How to Carry Out the Dumbbell Swing
- Getting Set- Make sure you stand with the feet shoulder apart and make sure your toes are pointed out. You can also bend your knees and make sure you look straight forward. For men, you can hold the kettlebell on between your legs.
- Carrying Out the Swinging- Make an arch in the lower back and let the hips end back. Make sure taht the kettlebell falls between and behind the legs. You can as well squeeze the glute muscles by extending your hips and swing the weight.
- Returning it to the Original Position- Let the weight you are lifting to swing back in between your legs. But maintain the bent hips and knees position. In most cases if you are doing it right, you will feel some pain at your butt. Carry out as may reps as you wish.
How to Carry Out Dumbbell One Arm Swing
The dumbbell one-arm swing is a great way of working on your shoulder muscles and the legs. The exercise is carried out in the same way as the above dumbbells wing exercise involving both hands.
- Begin the exercise by holding the dumbbell between your legs.
- Sink your butt into the squat mode and carry out dumbbell one-arm swings before you drive yourself forward.
- When driving yourself forward, make sure you bring the dumbbell towards the head and make sure the legs are straight.
- Carry out the movement many times before swapping to ensure both arms have been involved in the exercise.
Can You Carry Out the Kettlebell Swing with the Dumbbell?
You can carry out any of the kettlebell swing exercise with the dumbbell. Both of them have the same mechanics. They can be used as a great way of working out on your body. However, this does not mean that the dumbbell is a replacement for the kettlebell.
You should carry out this once you know that the kettlebell is not available at all. It should be your last option. A kettlebell offers a dynamic movement during your exercises as compared to the dumbbells. Dumbbells can be bulky and present you with changes when lifting the weight.
If you are carrying out the Turkish get ups, you can substitute the dumbbells with the kettlebells. The main essence of the exercise is to make the weight remain static over the head. So, the difference is so not so big.
You can use the dumbbell while carrying out the cleans and snatches. It would work for you if you have not mastered the exact way of bringing the kettlebell into place. And that is without having to bang it on the against the forearms.
Bottom-line on the Dumbbell Swing Exercise
The dumbbell swing exercise provides numerous benefits. However, when carrying out the exercise you need to be a bit careful. This is because there is a lot of force generated when you swing the weight upwards. Always avoid carrying out the dumbbell swing when your hands are wet or sweaty. It might slip out of your hands and cause serious injuries. Keeping a gym towel close to you to dry your hands every time they become wets is important. Also make sure you have used the weight that you can comfortably lift.

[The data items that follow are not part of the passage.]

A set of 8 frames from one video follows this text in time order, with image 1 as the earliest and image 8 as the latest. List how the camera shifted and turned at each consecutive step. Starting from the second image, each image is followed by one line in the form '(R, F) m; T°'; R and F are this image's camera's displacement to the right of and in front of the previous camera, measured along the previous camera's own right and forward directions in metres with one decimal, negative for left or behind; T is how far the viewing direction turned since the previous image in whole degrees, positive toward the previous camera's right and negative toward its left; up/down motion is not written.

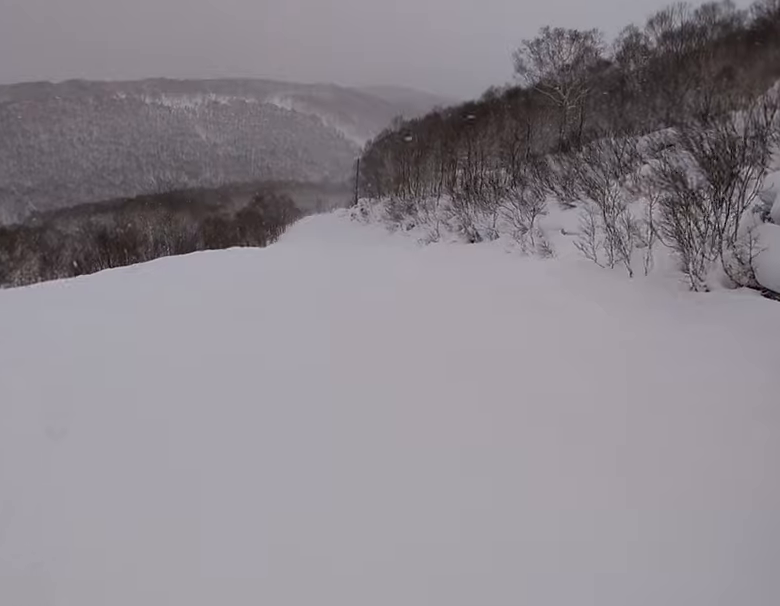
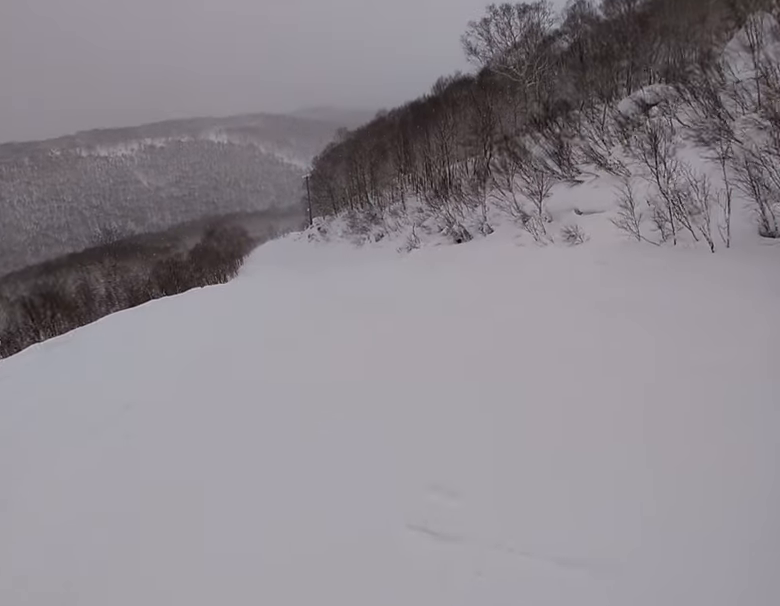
(-0.8, +5.1) m; 0°
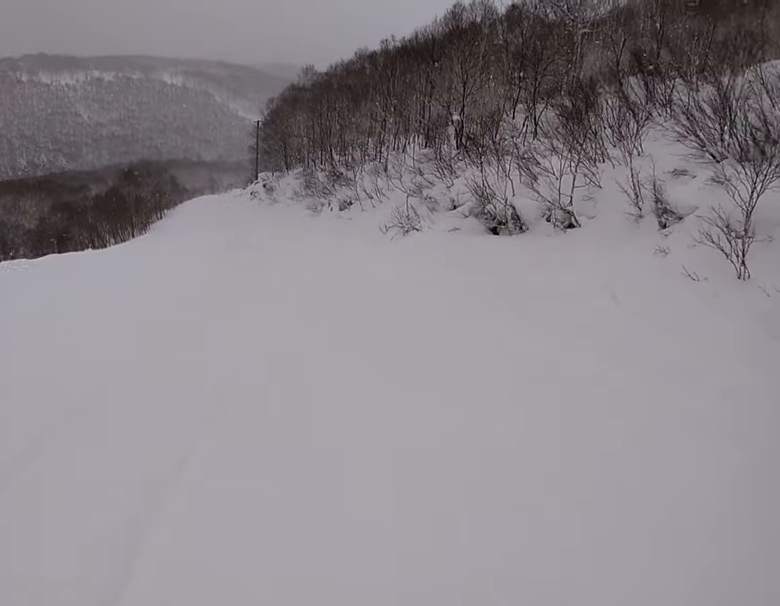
(+2.2, +16.1) m; +4°
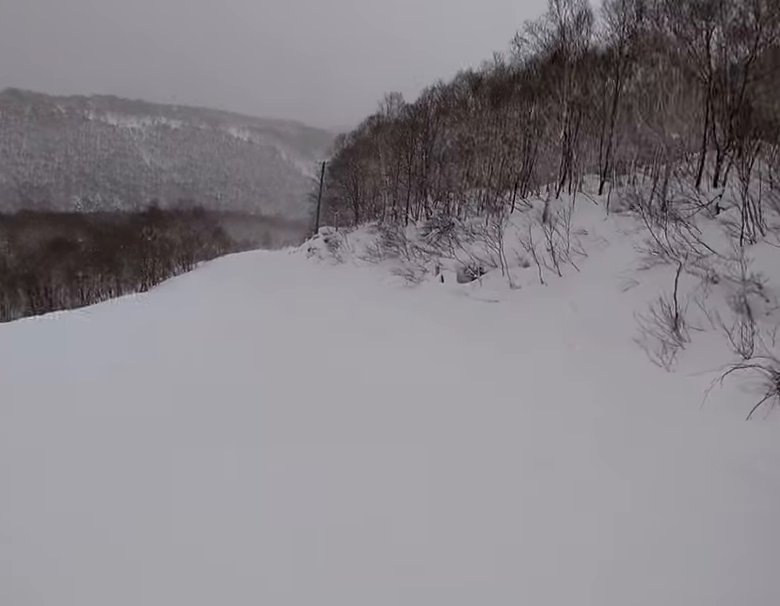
(-2.2, +16.1) m; -11°
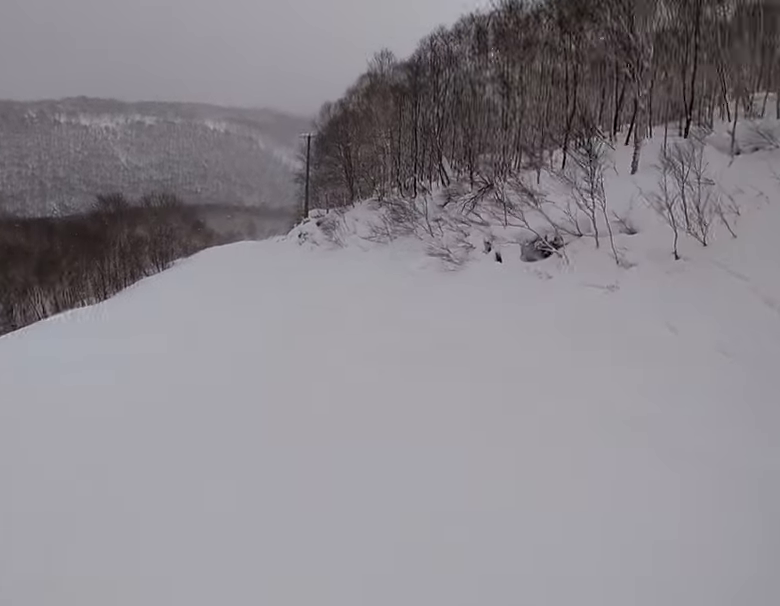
(+0.2, +6.5) m; +5°
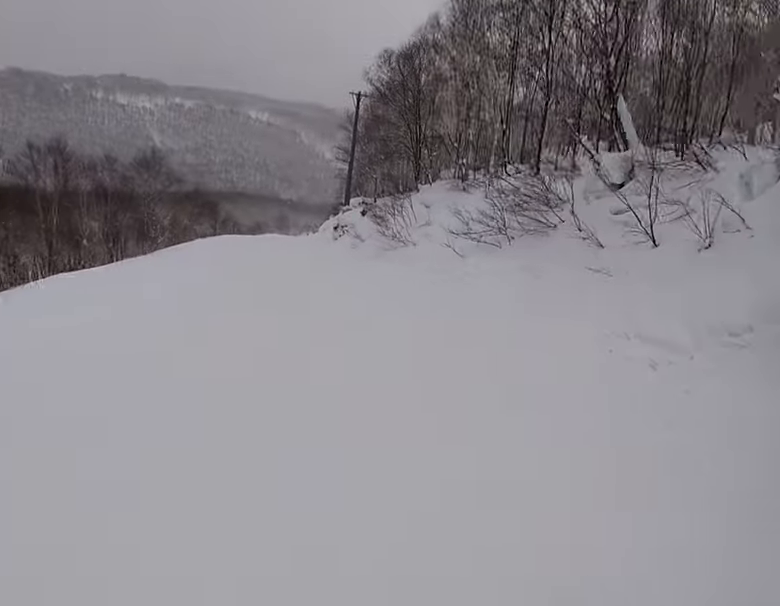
(+1.5, +14.3) m; -2°
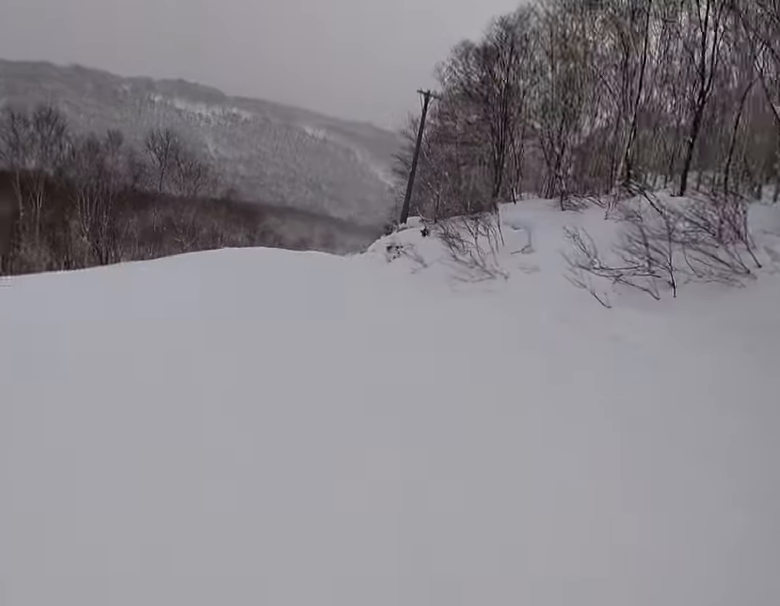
(-0.6, +6.2) m; -4°
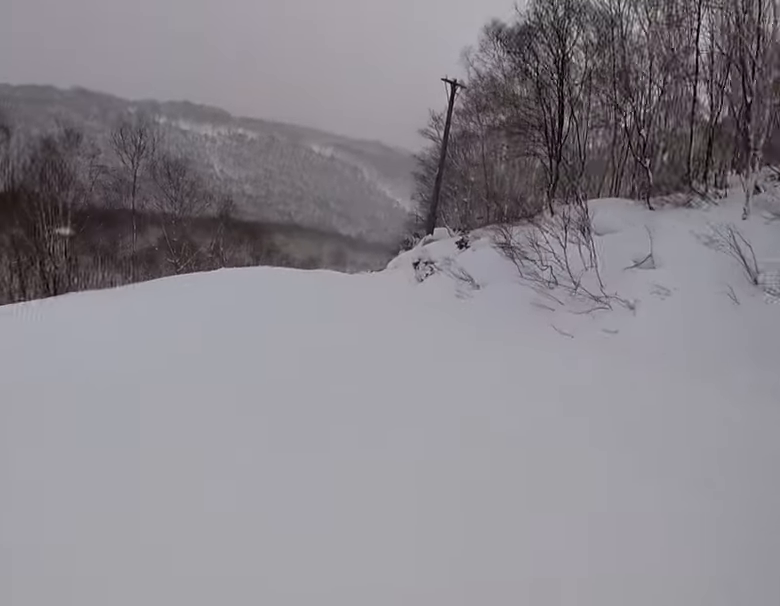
(-1.0, +5.1) m; -4°
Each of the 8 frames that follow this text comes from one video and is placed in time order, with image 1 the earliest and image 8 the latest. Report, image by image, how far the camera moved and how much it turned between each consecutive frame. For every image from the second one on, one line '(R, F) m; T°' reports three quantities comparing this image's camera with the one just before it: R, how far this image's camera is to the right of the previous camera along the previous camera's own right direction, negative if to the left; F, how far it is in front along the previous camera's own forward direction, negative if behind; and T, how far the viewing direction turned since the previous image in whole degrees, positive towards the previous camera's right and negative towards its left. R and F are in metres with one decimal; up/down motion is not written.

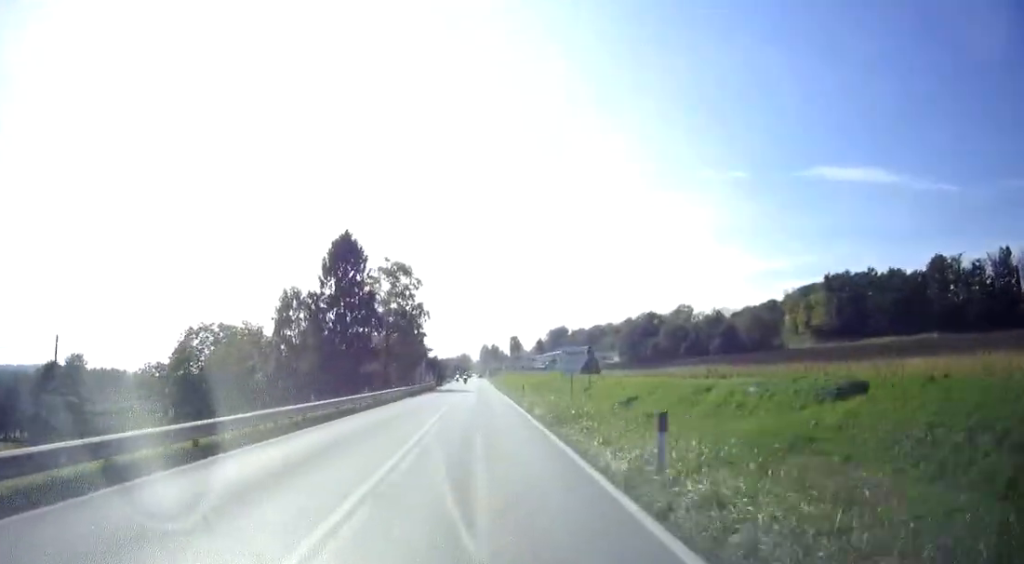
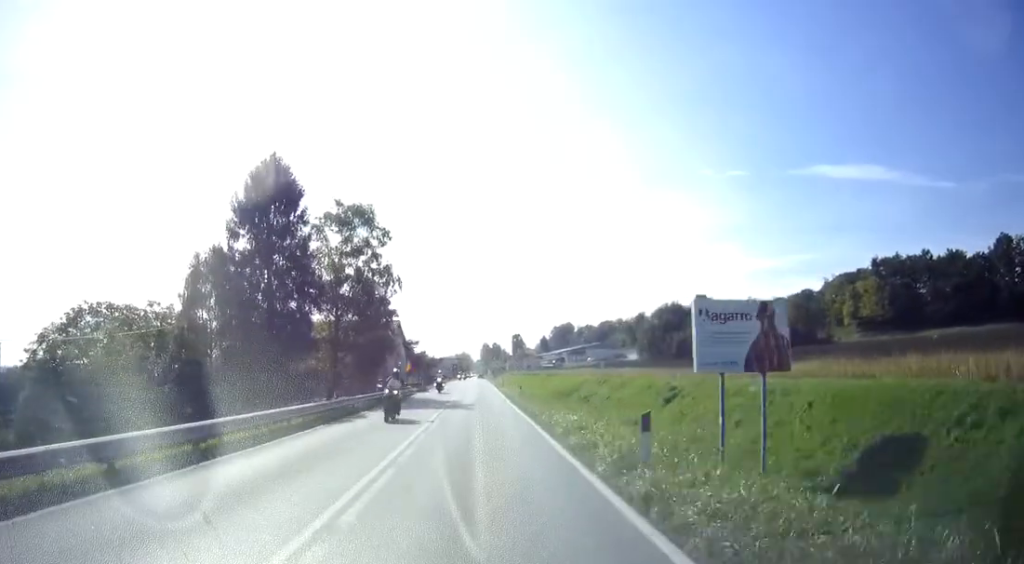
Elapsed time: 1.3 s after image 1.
(0.0, +23.3) m; 0°
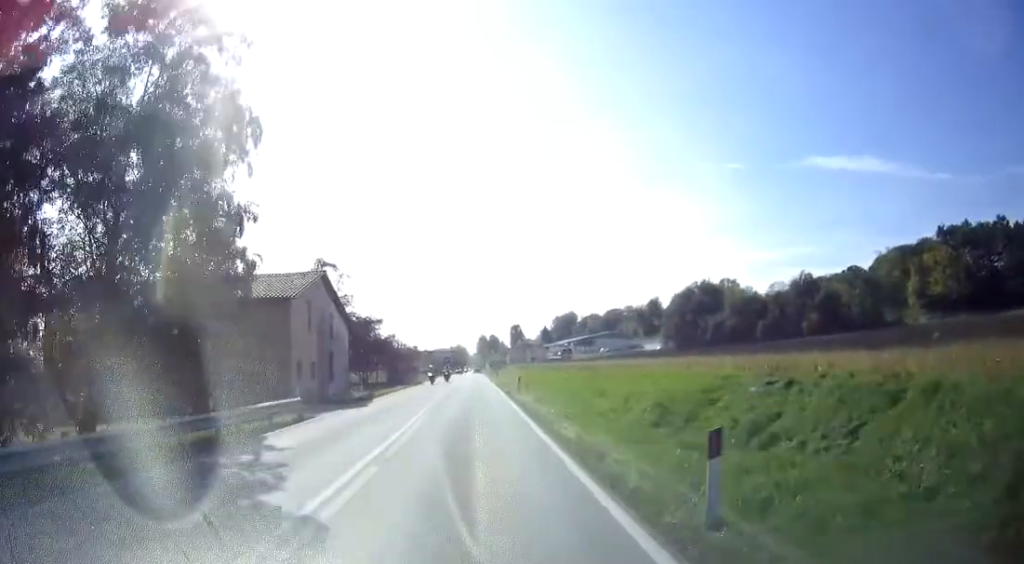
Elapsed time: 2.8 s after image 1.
(0.0, +26.5) m; 0°
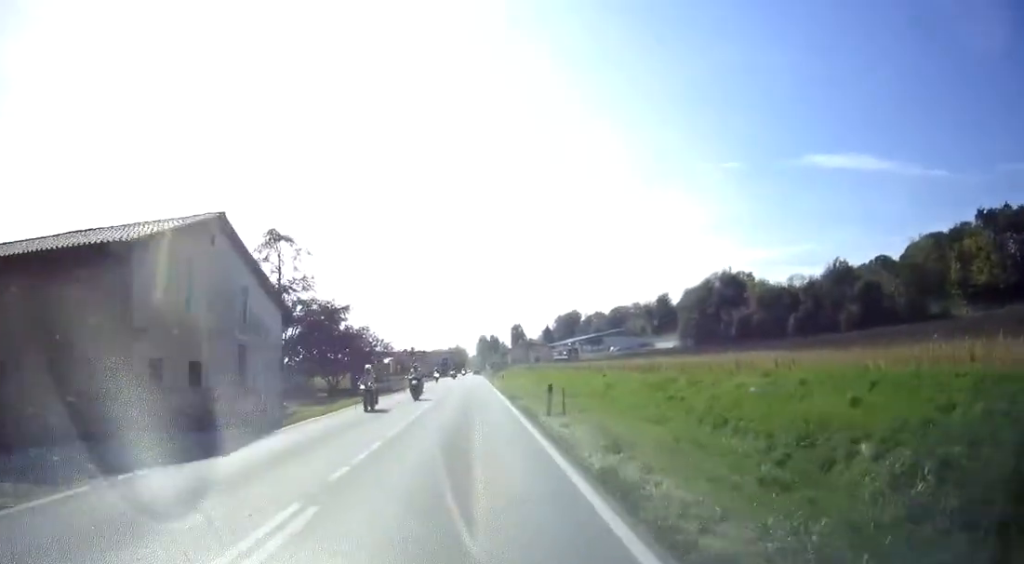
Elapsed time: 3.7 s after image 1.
(0.0, +13.2) m; 0°
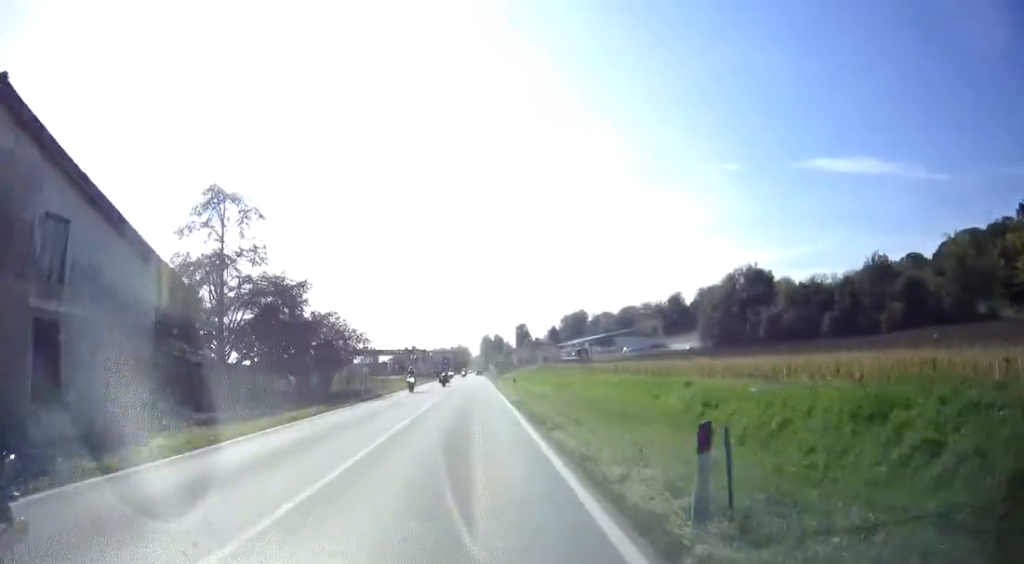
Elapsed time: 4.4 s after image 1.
(+0.1, +10.6) m; -1°
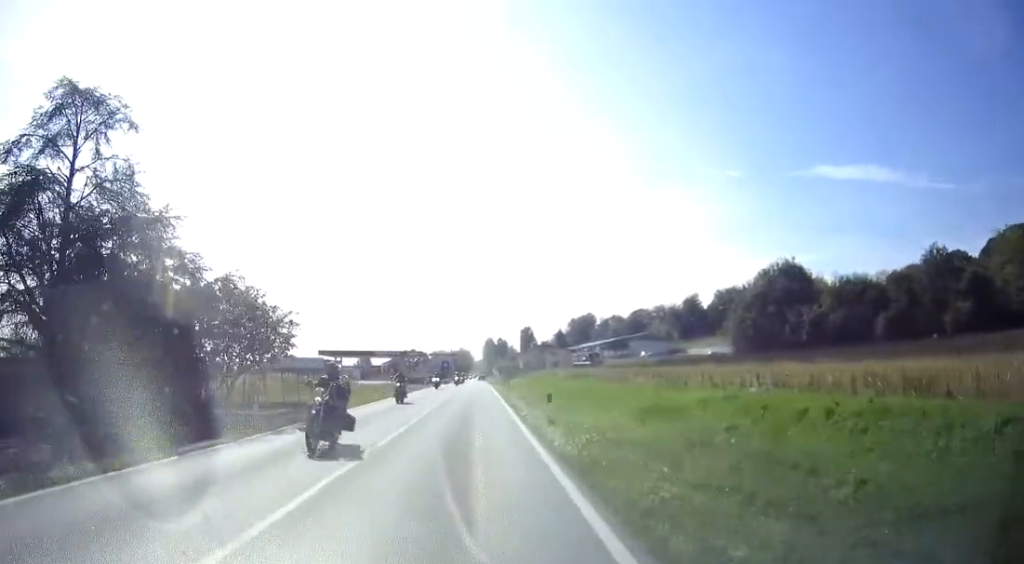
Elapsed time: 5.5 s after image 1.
(-0.4, +14.2) m; -1°
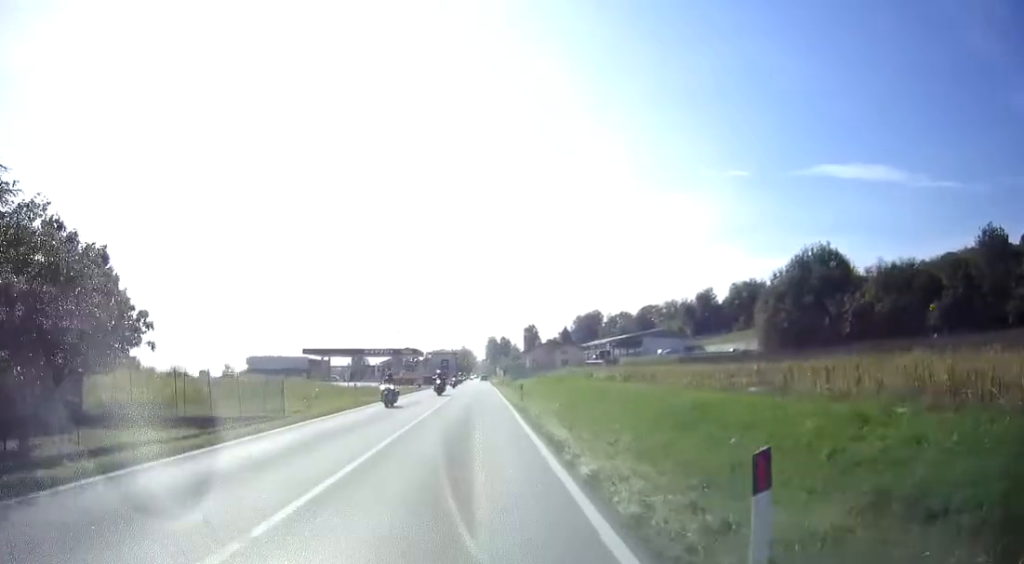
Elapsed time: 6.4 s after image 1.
(0.0, +12.3) m; 0°
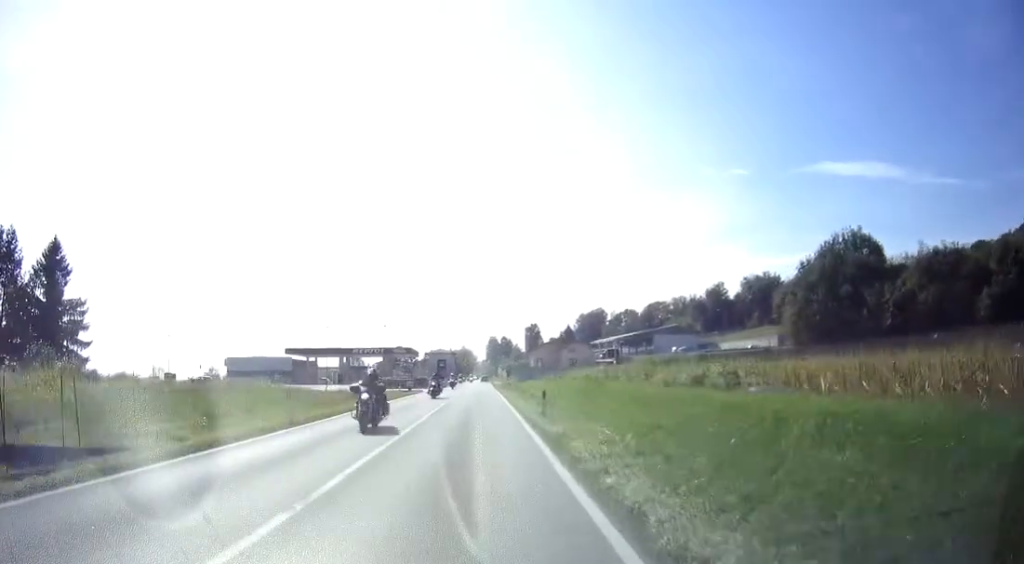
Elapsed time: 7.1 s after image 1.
(0.0, +9.7) m; +1°

If you have not carried out regular practice and mastered the right way of swinging the dumbbells, do not carry the them above the chest level. Carry out the overheads wings when you are very comfortable about the regular dumbbell exercises. Watch the people who are working out near you and you can ask them to give you adequate space. Remember they are as important as you are and causing any injury to them is not good at all. All the best in your dumbbell swing exercise.